Wednesday, April 28, 2010

Release the Hounds

Some current and former Goldman Sachs (GS) employees have a vexing problem right now - a Senate subcommittee panel. I tuned in yesterday and watched the investment bankers squirm and, for a moment, felt sorry for them, then remembered they are all multi-millionaires and get paid to take the heat. They were pretty cool customers, and I don't blame them. A slip of the lip and they could end up in stir somewhere down the road, especially when the SEC gets their mitts on them. One thing I got out of the grilling was that Goldman Sachs (GS) is probably not the only bank at fault, and there is plenty of blame to go around for other institutions too big to fail.

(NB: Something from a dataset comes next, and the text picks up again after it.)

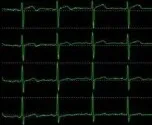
(D) A 12-lead electrocardiogram taken at the end of the hand grip test, revealing elevated ST segments in leads II, III, and aVF.
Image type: electrography (ekg)
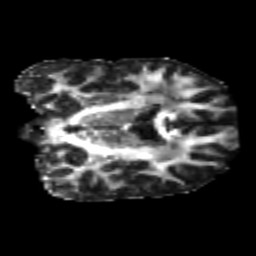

These bankers will surely get cut down to size in other bare-knuckle brawls as the fraud unfolds. I also thought they should have put the senators on trial because the Senate is at fault also for repealing acts like Glass-Steagall and passing legislation that would allow people with no visible means of support to purchase homes.

The market sold off yesterday with a confluence of news in addition to the Goldman Sachs (GS) sideshow. Most notably is the ongoing story that some of the PIIGS (Portugal, Ireland, Italy, Greece, Spain) may default on their bonds. The main focus right now is on Greece, but Portugal may be the next to go causing a cascading of bad debts across Europe. I'd tell you that this will cause the correction I've been looking for, but my short theory has been shot full of holes so far. This market has got it going on, and although the shorts had a good day yesterday, it's been eight straight weeks up for the DOW and doesn't look like it is anywhere near winded. Although the DOW, NASDAQ and S&P 500 have had enormous gains since the lows of March 9th, 2009, it is the Russel 2,000 that has moved the highest on a percentage basis, more than doubling in 14 months, going from the low of 343 to reaching 741 last Friday.

I've got some skin in the game with the Russell 2,000 because I'm invested in the Direxion Small Cap Bear 3X Shares (TZA) which is leverages 300% to the downside of the Russell 2,000. If you have been following this blog, you are well aware my initial investment is down almost half since October of 2009. As foolish as it sounds, I'm still long this ETF because I firmly believe that we are in for more than a correction and the Direxion Small Cap Bear 3X Shares (TZA) will give me tongue wagging returns. This is because small cap stocks have a high beta and when the market goes up, you make a lot of money if you are long and lose a lot if you are short. The converse is true to the downside. When I say that I am long a short position, what I mean is that I am holding that stock or inverse ETF until I feel it is fully valued. Hopefully that will take longer than 12 months to take advantage of long-term capital gains. I lick my chops every time I look at the historical prices of the Direxion Small Cap Bear 3X Shares (TZA). At the market low on March 9th of 2009, the ETF was priced at $113.50. On April 23rd of this year, just a few days ago, it closed at $5.41. If we do get a double dip in the market, I can get close to a ten bagger if the market goes down in small increments.

The reason I need for the market to go down in smaller increments as opposed to crashing like we did in October of 1987 is because the ETF is priced on a daily basis and at roughly $5.50 a share, the Direxion Small Cap Bear 3X Shares (TZA) would only go up 100% to around $11/share if the Russell 2,000 would crater 33% in one day. A grinding correction, like the grinding rise we are currently experiencing, will give you a bigger bang for your buck. It's just plain old arithmetic. In the meantime while I'm waiting for the market to tank, I'll thank the SEC for putting Goldman Sachs (GS) in the spotlight. In the long run, this can't be good for stocks.